Reflections on Infosecurity Europe 2011

This week’s Infosecurity Europe seemed quieter than usual. It was no surprise of course as it bordered on the Easter holiday. But it was a good event, made enjoyable and interesting by a well-designed exhibition hall and the presence of many top CISOs and security personalities. It’s an event that relies far too much, however, on legacy experience rather than innovation. That’s not really good enough. In today’s fast-moving environment, we should be aiming to stretch the boundaries, rather than repeat well-worn debates.

Certainly the education programme could have been more imaginative. It did not really live up the theme of “foresight”. The acoustics in many of the theatres should also have been much better. But such is the power of the brand and the appeal of the subject area, that it was well sponsored and well attended. You could, in fact, learn a lot simply by talking to the people on the stands or in the surrounding avenues and alleyways. As with many exhibitions, the really useful information lurks behind the scenes, rather than being on show. You have to speak to the exhibitors, not just pick up the leaflets and free gifts.   

The most worrying trend was the lack of new solutions. Most products or techniques on display were simply variants of long-standing practices. I saw little that was new.
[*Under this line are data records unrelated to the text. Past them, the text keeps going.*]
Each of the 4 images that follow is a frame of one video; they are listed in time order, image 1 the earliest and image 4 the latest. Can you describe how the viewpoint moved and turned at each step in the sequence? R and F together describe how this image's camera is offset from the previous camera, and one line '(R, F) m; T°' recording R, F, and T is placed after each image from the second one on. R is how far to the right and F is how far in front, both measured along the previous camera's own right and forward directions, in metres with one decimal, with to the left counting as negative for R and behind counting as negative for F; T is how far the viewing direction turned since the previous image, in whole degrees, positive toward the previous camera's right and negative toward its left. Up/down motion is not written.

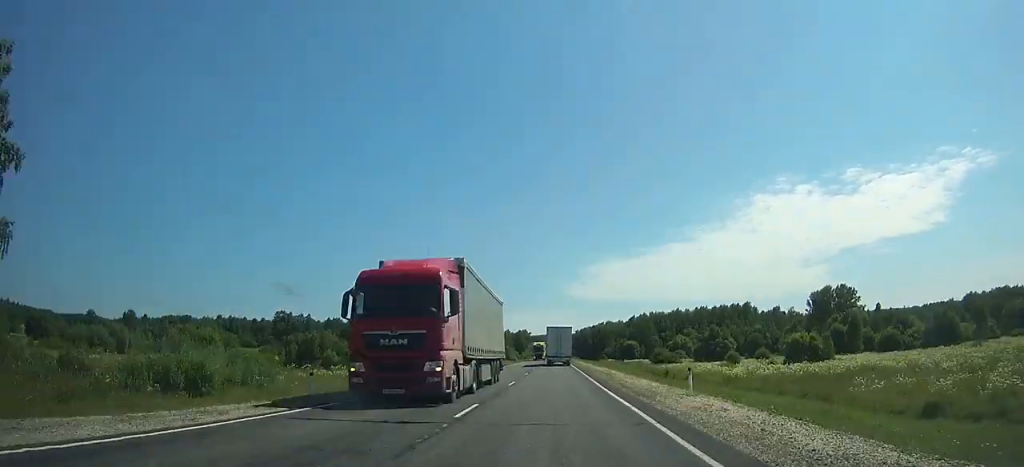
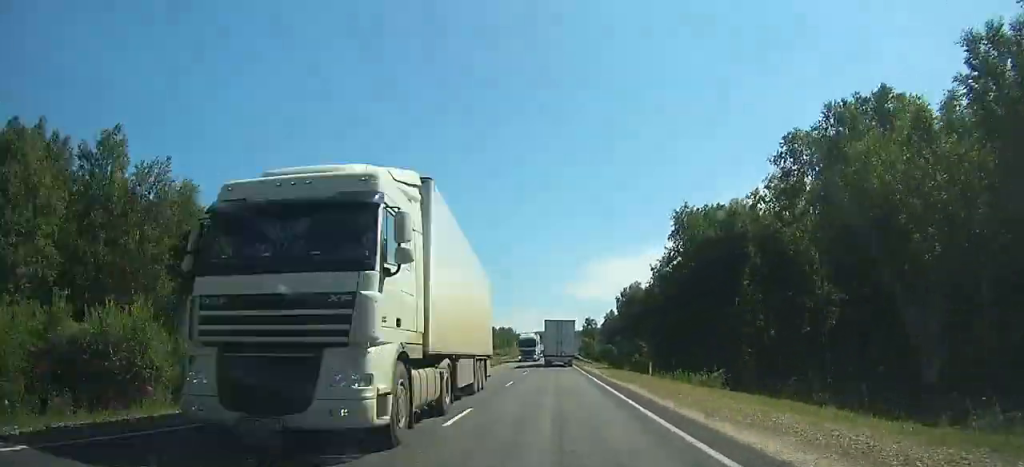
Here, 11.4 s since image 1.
(+7.5, +262.5) m; -1°
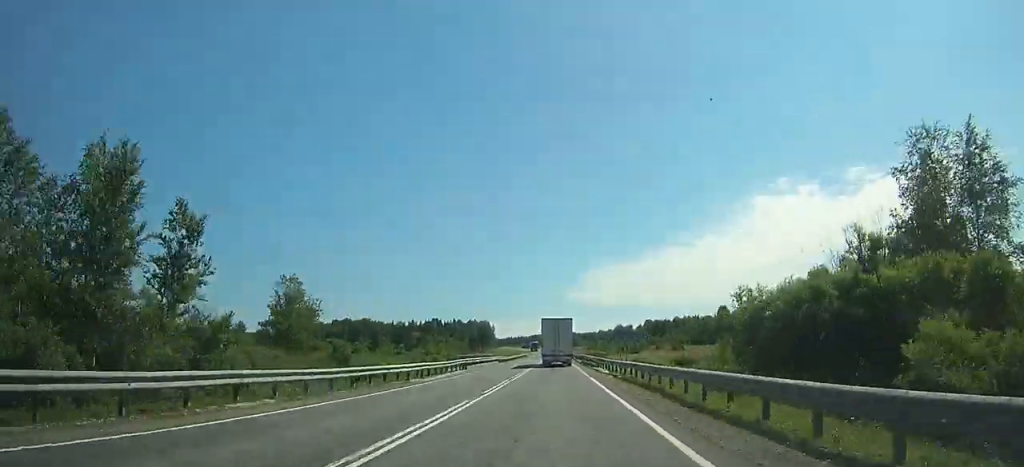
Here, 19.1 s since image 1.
(-2.3, +212.7) m; 0°
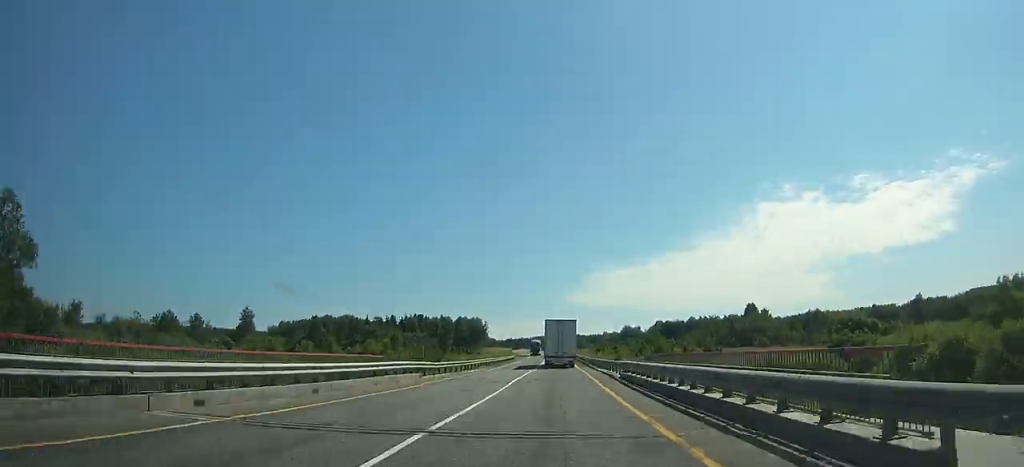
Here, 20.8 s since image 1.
(+0.4, +46.5) m; 0°

It was good, however, to see a greater emphasis on cloud security issues, though much of the debate centred on compliance, rather than security. (See my next posting for a debate on that subject.) Next year should be better, given the range of new technologies that I know are under development. 

The most pleasing trend was the emergence of solutions aimed at small companies. For years the needs of SMEs have been ignored by vendors. Finally we are seeing products that are cheap and easy to use. Qualys has been a pioneer in this space, justifiably picking up the Best SME Security Solution at the SC Awards. This week Sourcefire also announced a lower cost version of their IPS product with a simpler user interface. These companies are smart, as this is a rapidly growing market that has ignored for far too long.

Qualys has to take the rosette for the best exhibition stand, with plenty of space, expert advice and generous quantities of beer available. Everything was on show, including slick product demonstrations, as well as the opportunity to meet Philippe Courtot, award-winning CEO of the year. Outside the arena, the Portcullis Arms takes the biscuit for continuing to maintain a consistently high standard for networking and entertainment.   

Infosecurity will continue to survive as an established institution. But like all such networks it needs to aim to stay ahead of the herd, rather than following in its wake.